Stored data
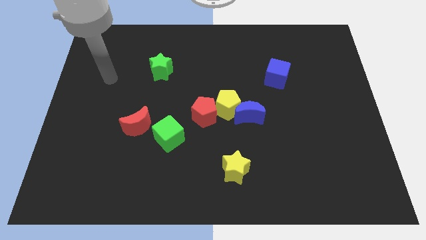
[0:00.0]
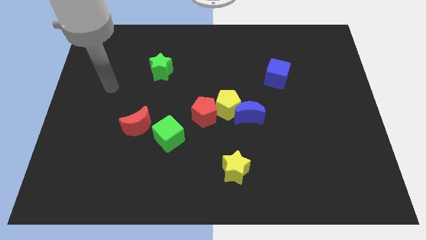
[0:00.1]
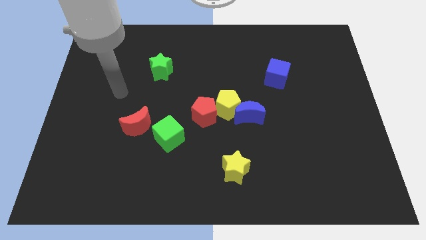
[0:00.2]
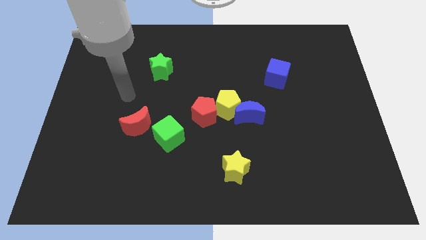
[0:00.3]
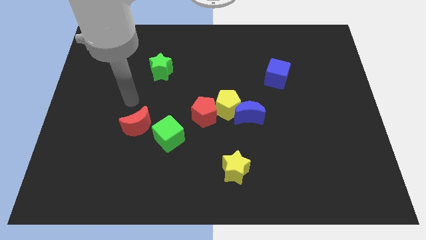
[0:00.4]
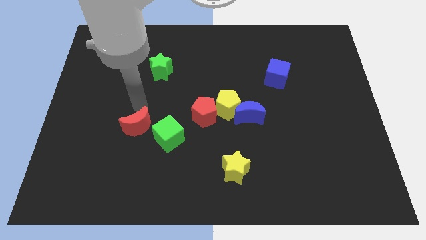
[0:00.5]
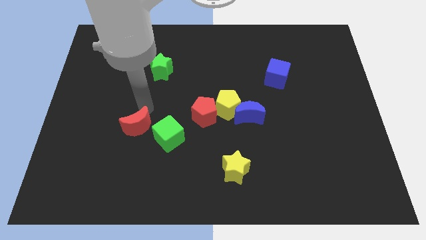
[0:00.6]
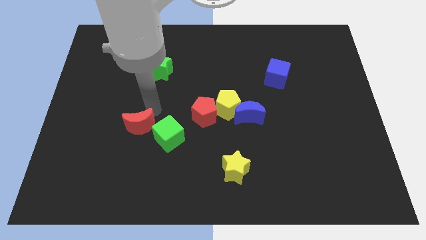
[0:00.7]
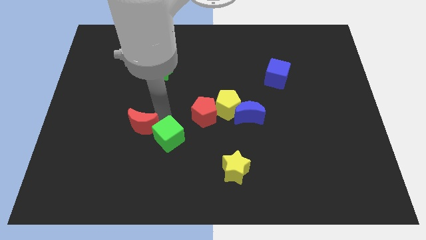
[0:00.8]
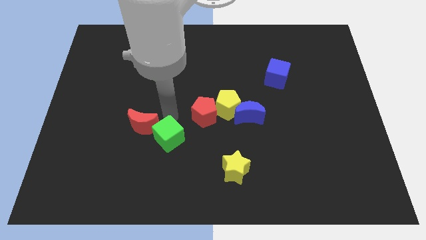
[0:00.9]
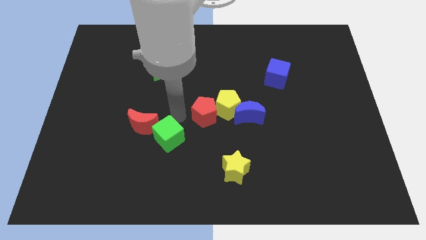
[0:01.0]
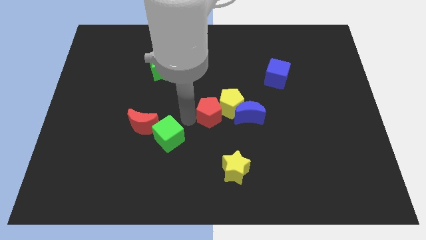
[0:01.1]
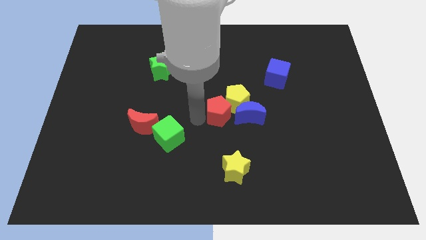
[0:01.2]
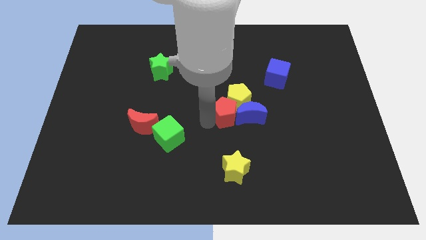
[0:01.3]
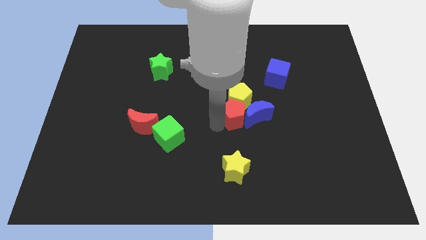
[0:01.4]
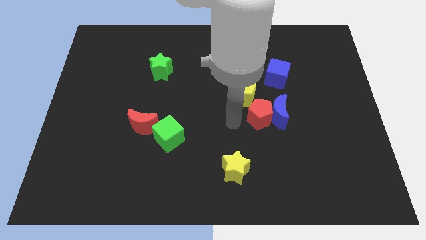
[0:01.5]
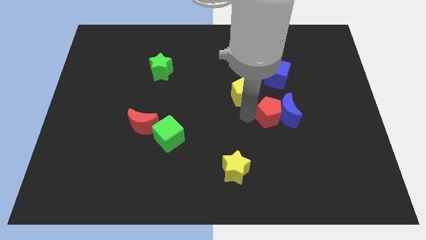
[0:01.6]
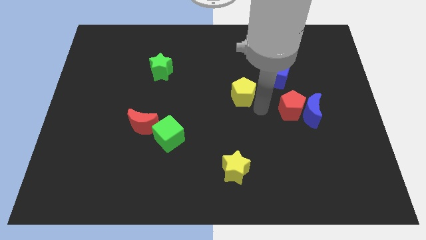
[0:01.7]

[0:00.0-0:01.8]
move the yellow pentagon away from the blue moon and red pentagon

WHAT THE EXERCISE ASKS:
Return all the records exactly, excluding images.

THE COMPLETED TASK:
[0:00.0]
[0:00.1]
[0:00.2]
[0:00.3]
[0:00.4]
[0:00.5]
[0:00.6]
[0:00.7]
[0:00.8]
[0:00.9]
[0:01.0]
[0:01.1]
[0:01.2]
[0:01.3]
[0:01.4]
[0:01.5]
[0:01.6]
[0:01.7]

[0:00.0-0:01.8]
move the yellow pentagon away from the blue moon and red pentagon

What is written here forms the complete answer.